=== Dataset ===

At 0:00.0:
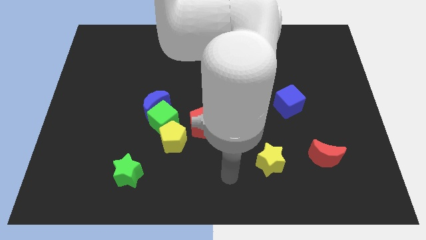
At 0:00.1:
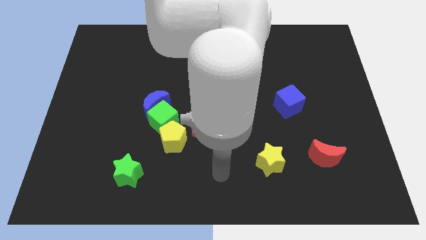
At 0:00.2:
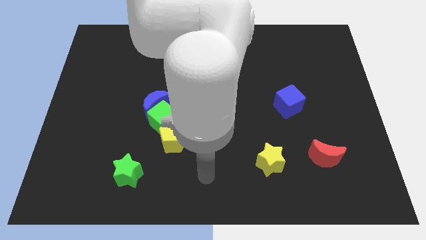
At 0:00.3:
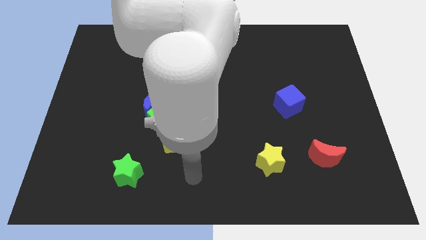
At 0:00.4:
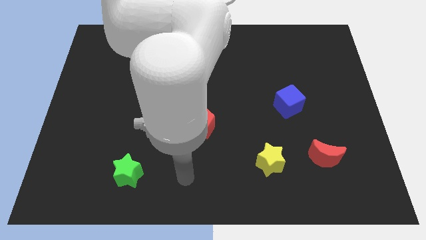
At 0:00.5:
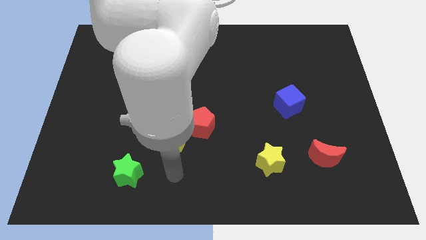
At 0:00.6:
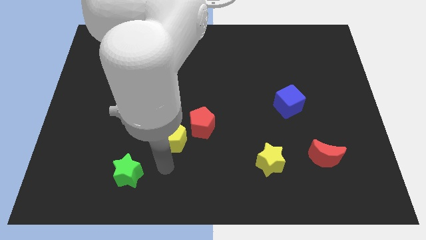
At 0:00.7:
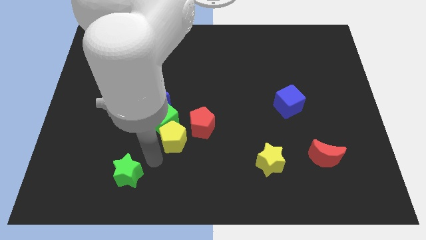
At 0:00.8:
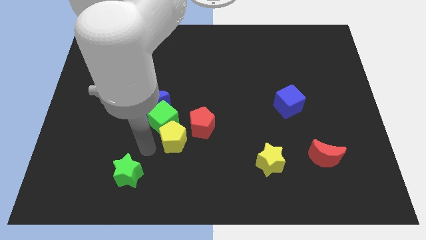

===

- **What you have to do**: Write out the entries again, exactly as given, skipping any images.

- **Written solution**:
At 0:00.0:
At 0:00.1:
At 0:00.2:
At 0:00.3:
At 0:00.4:
At 0:00.5:
At 0:00.6:
At 0:00.7:
At 0:00.8:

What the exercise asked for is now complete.